Given a collection of intervals, merge all overlapping intervals. For example, Given [1,3],[2,6],[8,10],[15,18], return [1,6],[8,10],[15,18].
Write it in ANSI C
tHIS IS WHAT i TRIED, BUT IT HAS MANY FLAWS. Majorly that [2,3] will be omitted if [1,5] is present. But[2,4] and [3,6] will not show [2,6]
#include<stdio.h>
int main()
{
char q;
int a[20],b[20],c[20],d[20],i,j,k;
for(i=0;i<20;i++)
{
puts("enter lower limit of interval");
scanf("%d",&a[i]);
puts("enter upper limit of interval");
scanf("%d",&b[i]);
}
for(k=0;k<i;k++)
{
for(j=0;j<20;j++)
{
if((a[j]>a[k])|(b[j]<b[k]))
{
c[i]=a[j];
d[i]=b[j];
}
}
}
for(k=0;k<i;k++)
{
printf("%d %d \n",c[k],d[k]);
}
return 0;
}
I will not be writing the whole code…but can help you out with the basic logic…

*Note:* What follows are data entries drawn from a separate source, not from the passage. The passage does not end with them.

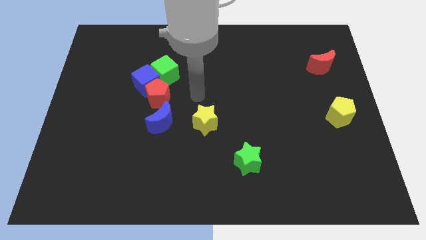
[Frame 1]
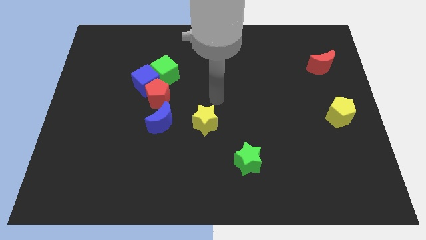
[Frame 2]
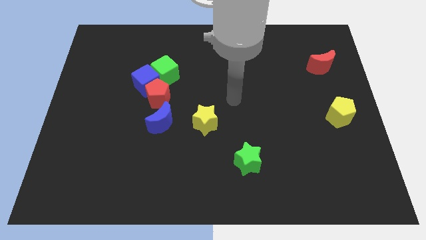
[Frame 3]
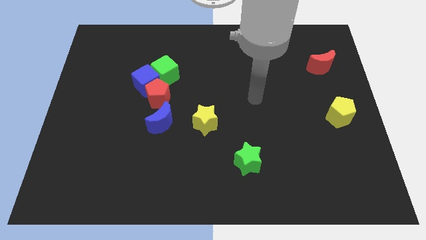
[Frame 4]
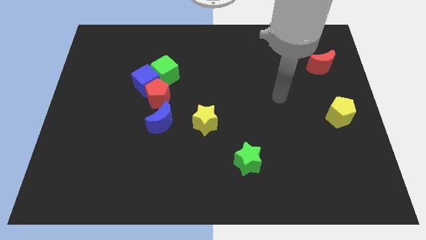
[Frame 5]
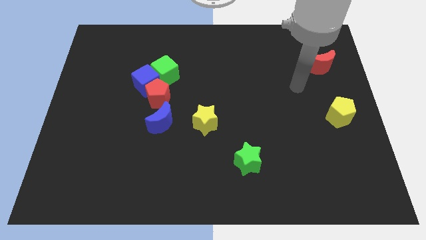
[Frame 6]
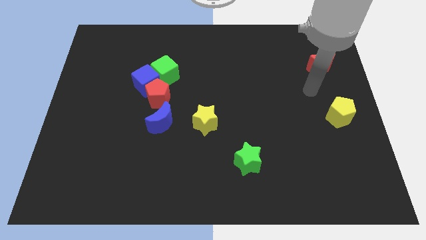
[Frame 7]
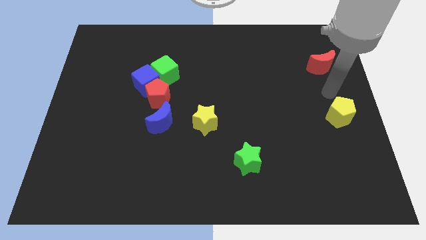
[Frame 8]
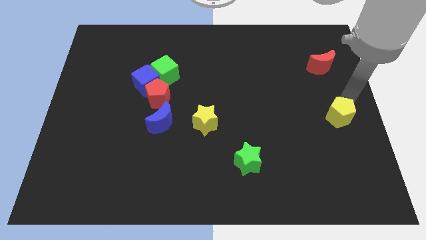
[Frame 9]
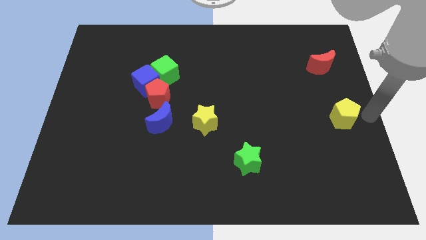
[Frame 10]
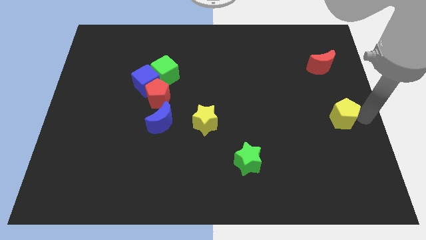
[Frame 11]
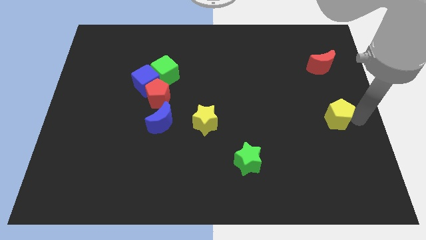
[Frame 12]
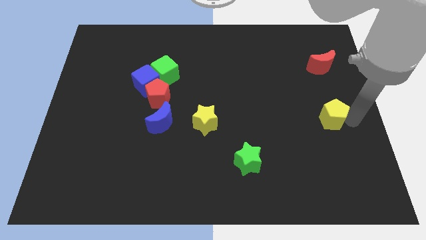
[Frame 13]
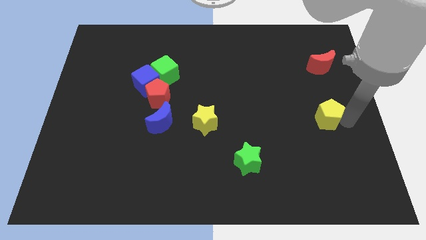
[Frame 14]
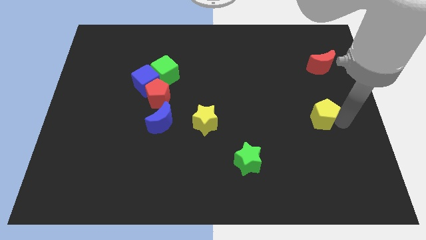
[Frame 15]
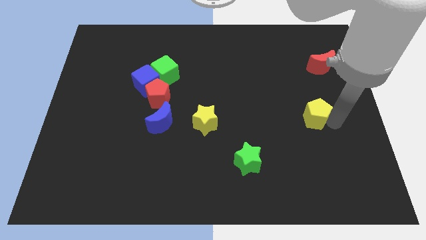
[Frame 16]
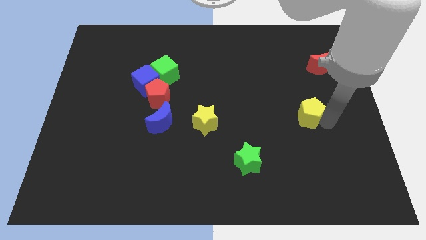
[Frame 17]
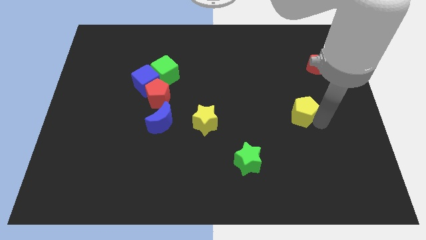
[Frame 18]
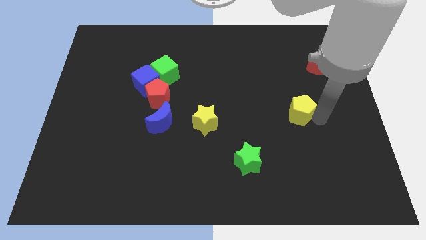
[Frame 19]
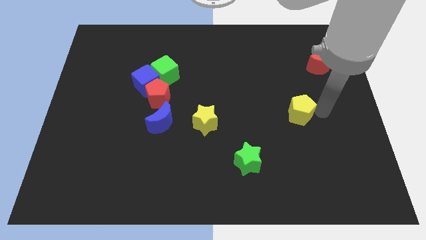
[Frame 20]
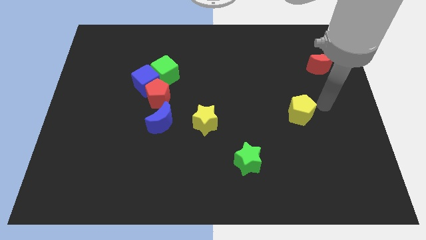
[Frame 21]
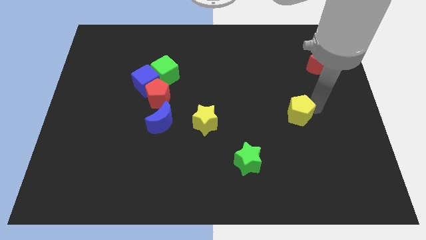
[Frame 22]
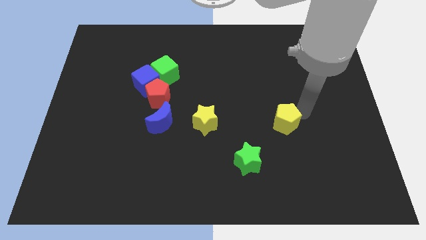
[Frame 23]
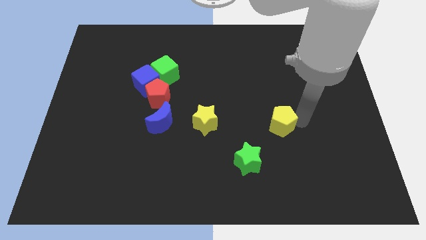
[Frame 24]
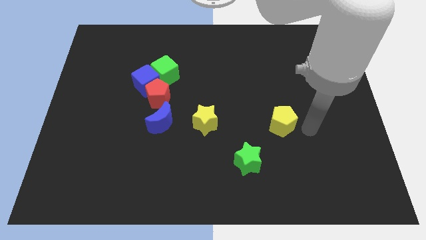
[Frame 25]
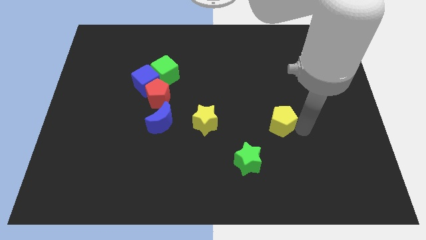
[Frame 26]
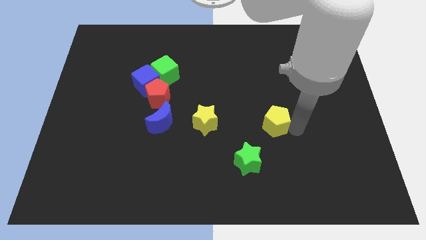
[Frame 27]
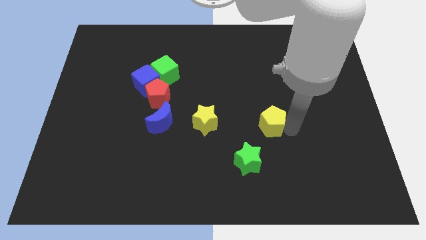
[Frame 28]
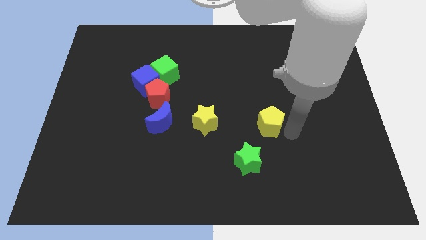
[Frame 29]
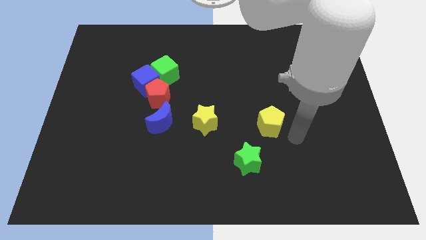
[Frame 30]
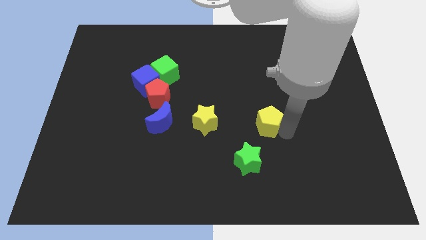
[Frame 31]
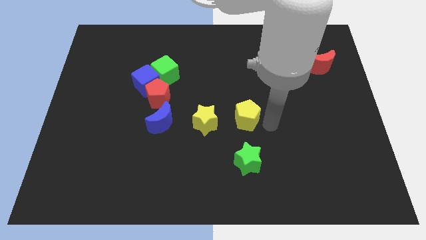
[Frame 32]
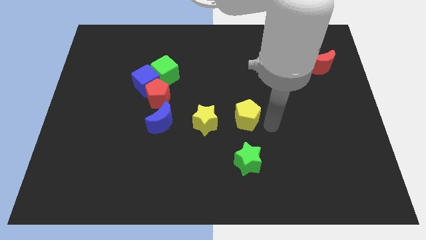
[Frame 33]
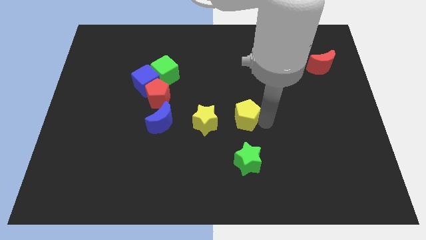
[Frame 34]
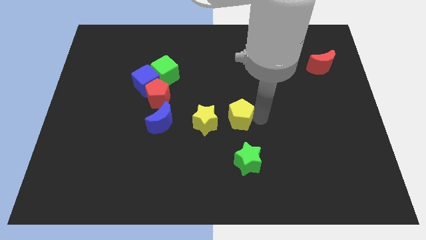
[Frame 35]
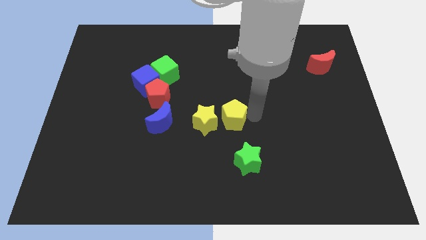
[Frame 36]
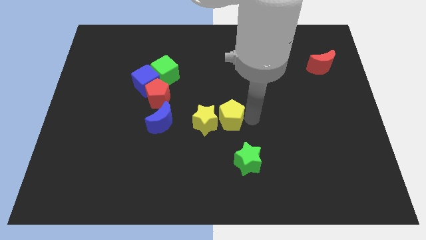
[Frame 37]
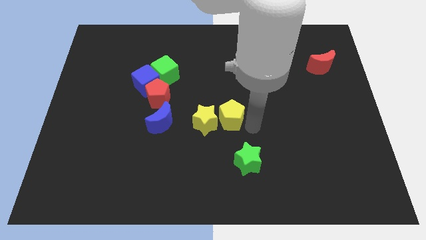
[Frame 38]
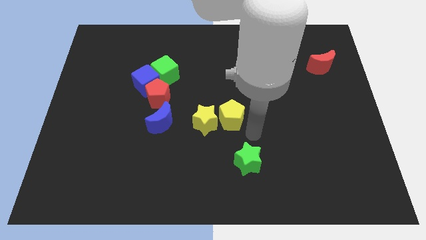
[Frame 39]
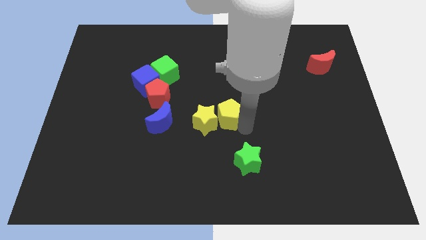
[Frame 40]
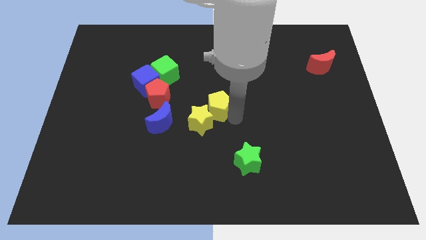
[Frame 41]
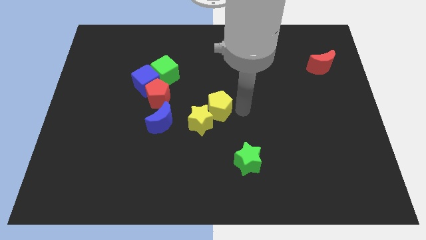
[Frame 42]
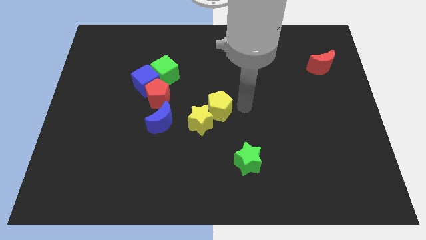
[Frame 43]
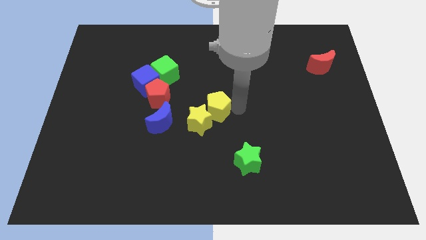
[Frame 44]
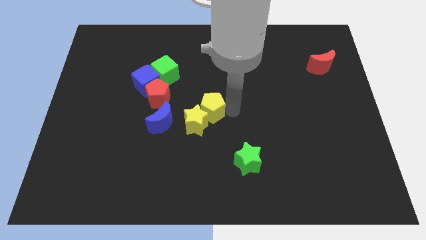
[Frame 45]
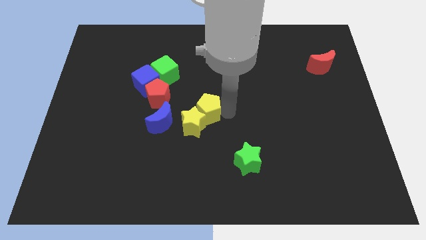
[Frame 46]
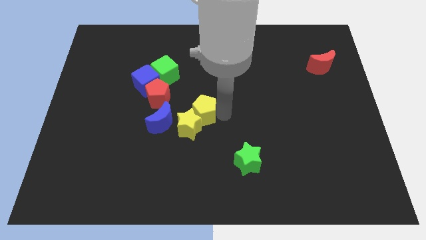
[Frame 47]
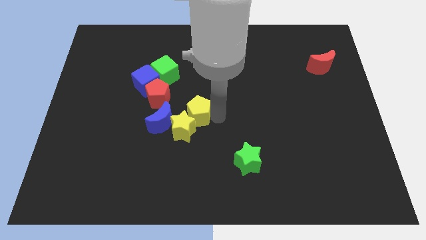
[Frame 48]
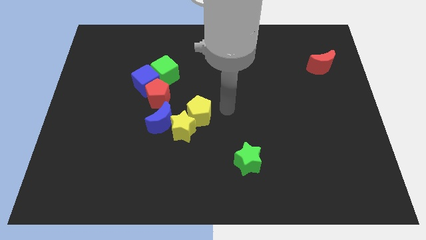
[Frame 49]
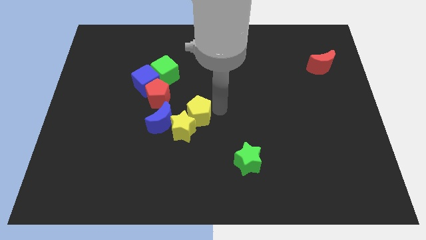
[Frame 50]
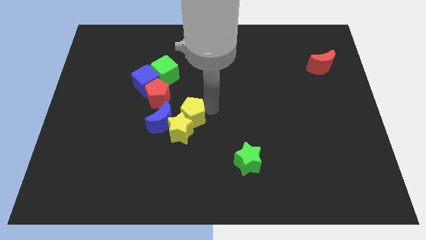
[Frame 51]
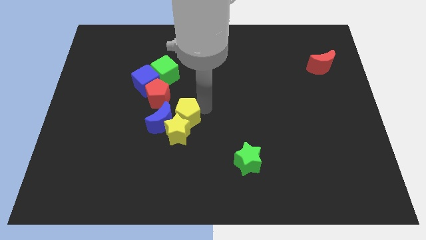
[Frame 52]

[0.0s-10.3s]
move the yellow pentagon towards the blue moon

considering the example that you have given in the ques…
[1,3] [2,6] [8,10] [15,18]
Mark all the numbers as start or end of the set, put all of them in the same array and sort them in ascending order.
1-0 3-1
2-0 6-1
8-0 10-1
15-0 18-1
where 0 indicates start and 1 indicates end!!!
upon sorting you will get the following sequence…

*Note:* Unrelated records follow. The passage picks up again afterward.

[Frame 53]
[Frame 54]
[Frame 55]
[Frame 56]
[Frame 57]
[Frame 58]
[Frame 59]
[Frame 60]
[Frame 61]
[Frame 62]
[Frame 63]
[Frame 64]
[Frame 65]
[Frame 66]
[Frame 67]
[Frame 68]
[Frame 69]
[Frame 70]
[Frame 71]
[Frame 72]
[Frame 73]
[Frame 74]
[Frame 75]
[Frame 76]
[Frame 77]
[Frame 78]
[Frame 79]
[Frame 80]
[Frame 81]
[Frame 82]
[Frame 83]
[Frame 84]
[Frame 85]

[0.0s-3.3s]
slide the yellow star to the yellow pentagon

1-0 2-0 3-1 6-1 8-0 10-1 15-0 18-1
now what you can do is traverse the array and keep a temporary counter(which is intialized to 0) and whenever you encounter a ‘0’ increment the counter and whenever you encounter a ‘1’ decrement it…whenever the counter becomes 0 it indicates that all sets till now have merged…
element counter
1-0 1
2-0 2
3-1 1
6-1 0 //first set having start 1 and end 6
8-0 1
10-1 0 //second set having start 8 and end 10
15-0 1
18-1 0 //third set having start 15 and end 18
hope this helps…
what have u tried yet…no1s going to do ur home work here…put some effort…write a code…then ask!!!